A Chinese artificial intelligence system has solved a complex mathematical problem that scientists had been unable to solve for ten years, which was posed by an American mathematician in 2014.
A team from Peking University developed a semi-autonomous system that reviewed decades of mathematical research to arrive at the solution, then verified the results itself with almost no human intervention.
The solved problem is an "algebraic conjecture" that was formulated by Professor Dan Anderson of the University of Iowa before his death in 2022.
The researchers, led by mathematician Dong Bin, explained that their system successfully solved this open problem in the field of commutative algebra (a branch of abstract algebra that focuses on the study of commutative loops and their ideals), and proved the result automatically, an achievement that is a concrete example of the possibility of automating mathematical research using artificial intelligence.
What distinguishes this system is its exceptional speed compared to humans, as it can perform complex mathematical tasks that previously required the collaboration of experts from multiple disciplines. However, the biggest challenge the researchers faced was that mathematical proofs require absolute precision, while proofs produced by large language models are often unreliable due to their tendency to "hallucination" or fabricate inaccurate information. Therefore, the Chinese team designed an innovative system that combines two agents: one that performs natural language reasoning, and another that formalizes and verifies the results.
The new system relies on a clever mechanism that begins with a reasoning system called Rethlas, which uses a mathematical theorem search engine called Matlas to explore solution strategies. When this system arrives at a probable proof, a second system called Archon, using another search engine called LeanSearch, transforms that proof into a project that can be verified by an interactive theorem validator called Lean B4. This validator is not just a tool; it is a complete programming language whose library contains hundreds of thousands of mathematical theorems and definitions.

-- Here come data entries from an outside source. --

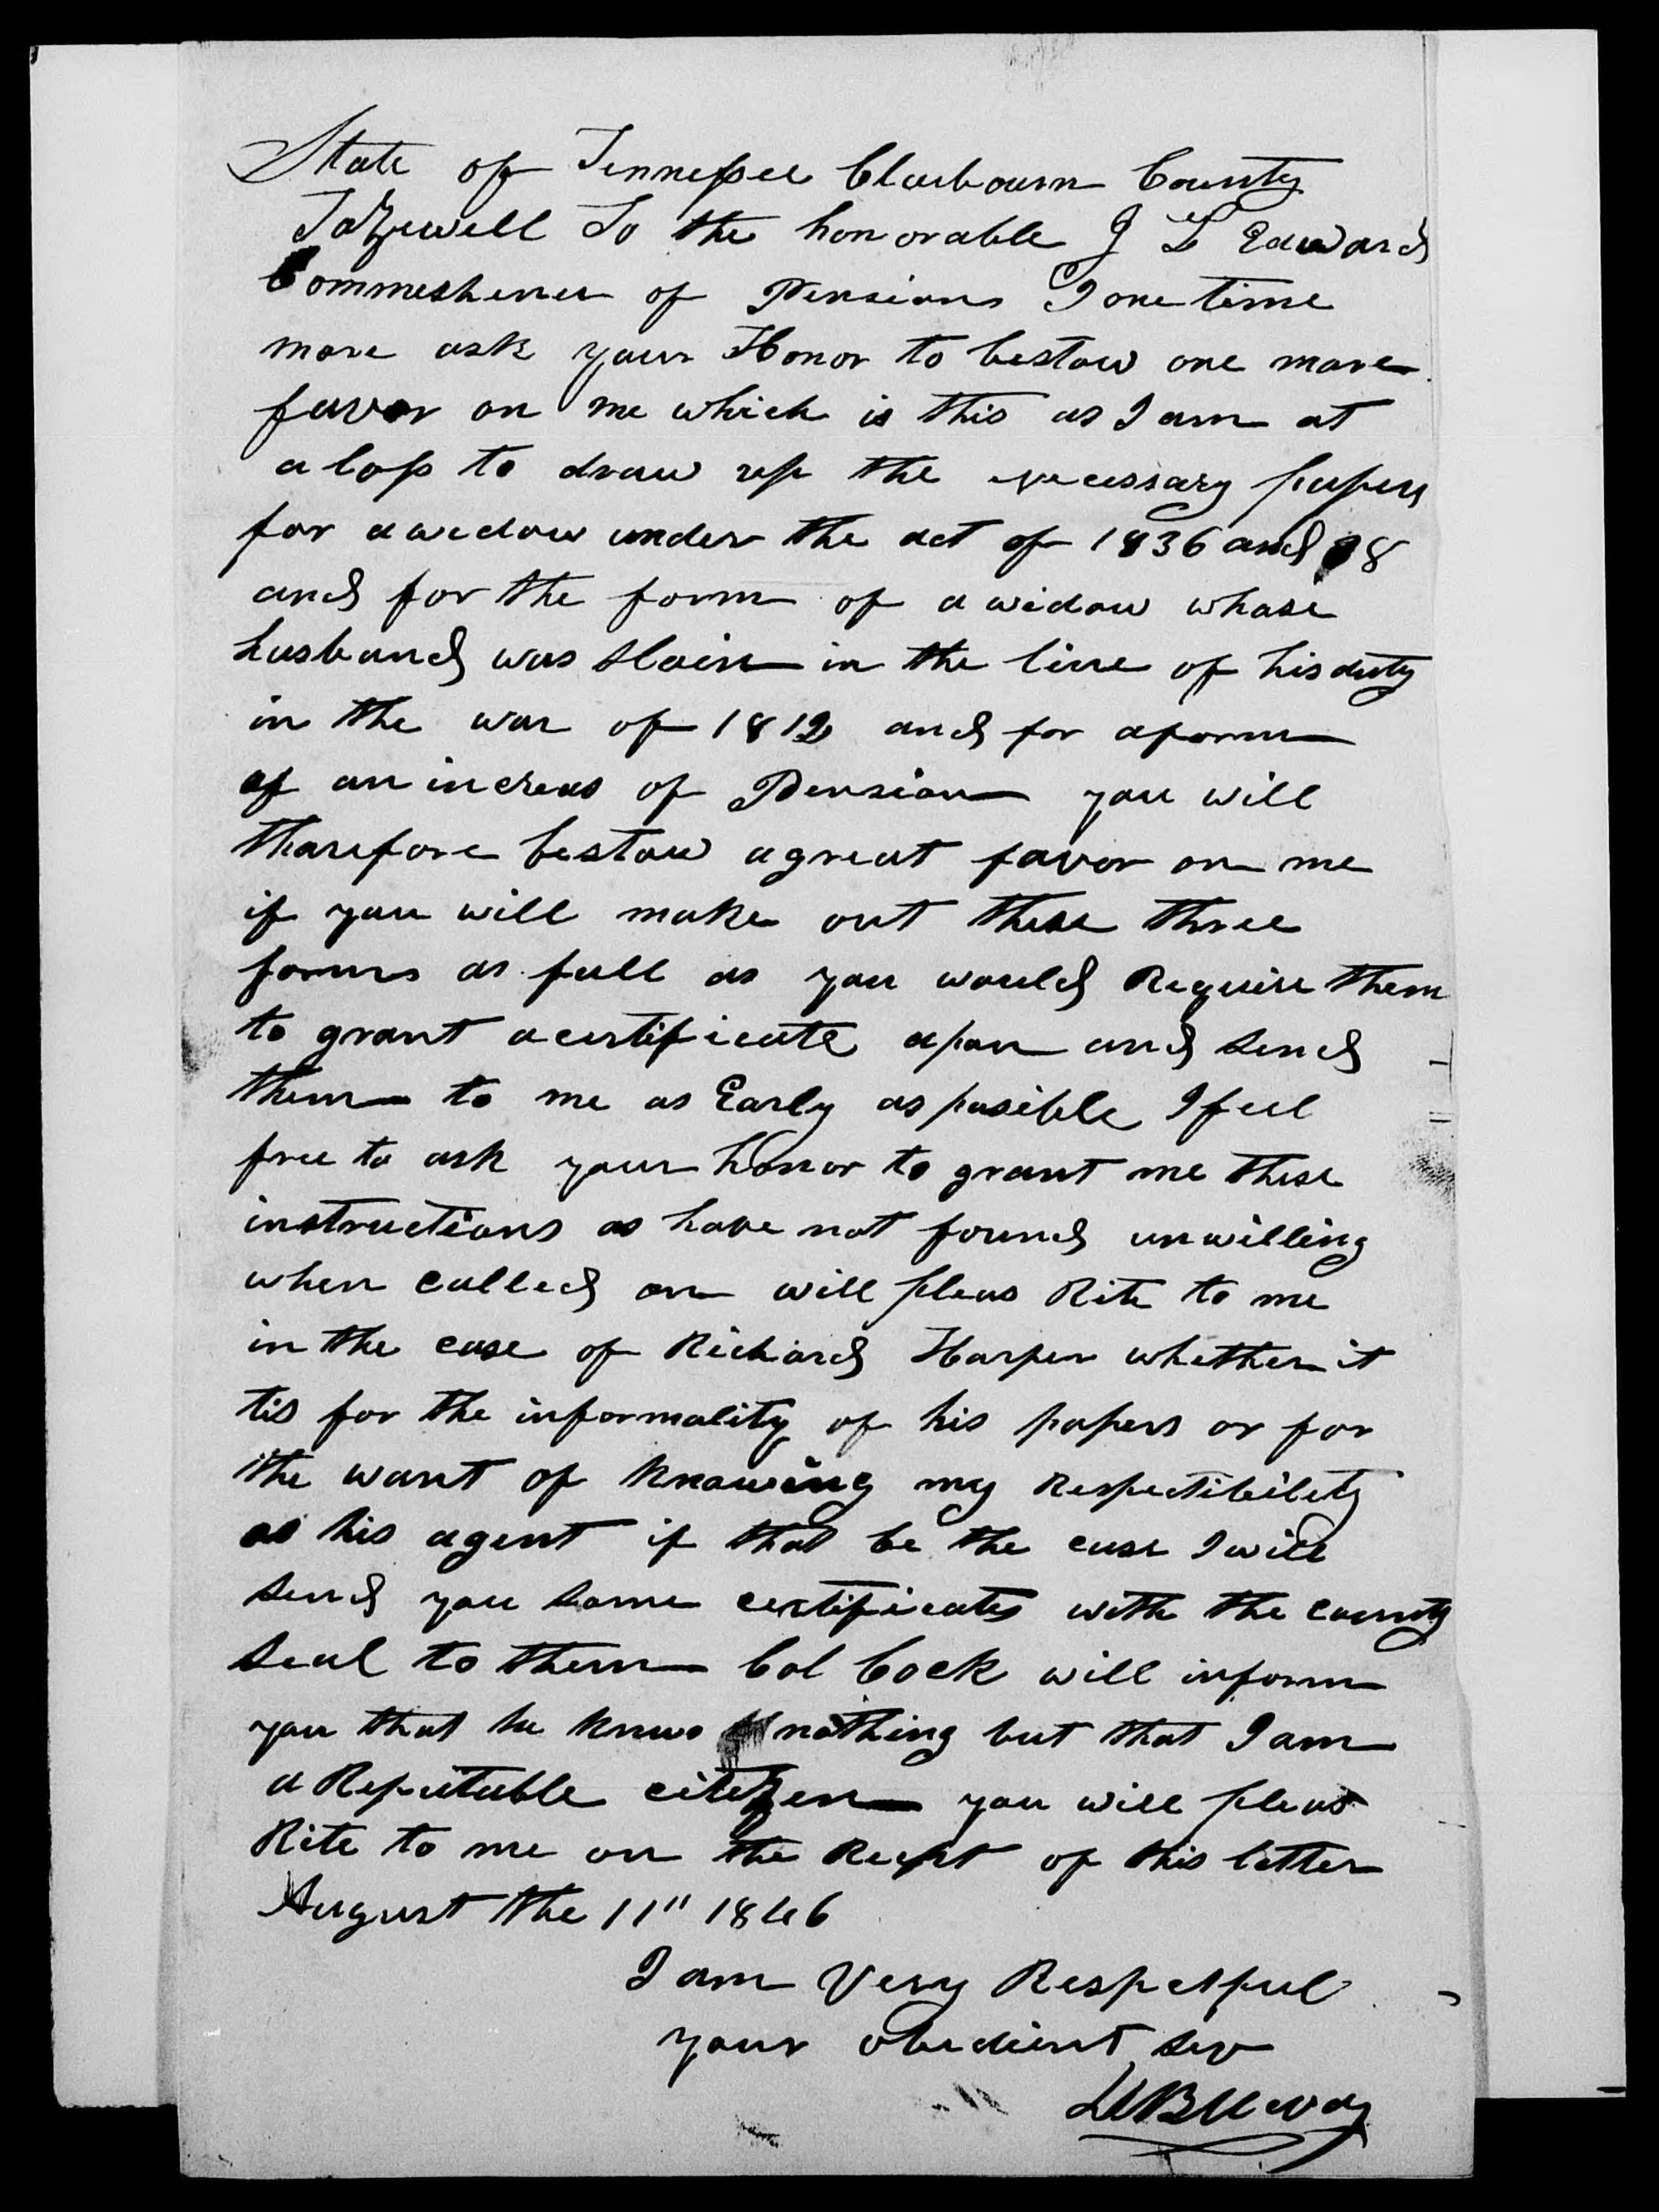State of Tennessee Claibourn County
Tazewell To the honorable J L Edwards
Commishener of Pensions one time
more ask your Honor to bestow one more
favor on me which is this as I am at
a loss to draw up the necessary papers
for a widow under the act of 1836 and 38
and for the form of a widow whose
husband was slain in the line of his duty
in the war of 1812 and for a form
of an increas of Pension you will
therefore bestow a great favor on me
if you will make out these three
forms as full do you would require them
to grant a certificate upon and send
them to me as early as posible I feel
free to ask your honor to grant me these
instructions as have not found unwilling
when called on will pleas rite to me
in the case of Richard Harper whether it
tis for the informality of his papers or for
the want of knowing my respectibility
as his agent if that be the case I will
send you some certificates with the County
seal to them Col Cock will inform
you that he knows nothing but that I am
a Reputable citizen you will pleas
Rite to me on the receipt of this letter
August the 11 1846
I am Very Respetful
your obedient sev [serveant]
D B McVey

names: J L Edwards, Richard Harper, D B Mc Vey, Cock
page: 50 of 81
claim: survivor's
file: S. 1908, Richard Harper, N.C.

The Chinese system required only 80 hours of runtime to solve Anderson's conjecture, without any need for mathematical judgment from a human operator. However, the researchers noted that the process could be accelerated if a real mathematician guided the Archon system.
The team asserts that this work represents a promising model for the future, where informal and formal reasoning systems work together to produce verifiable results, while greatly reducing human effort.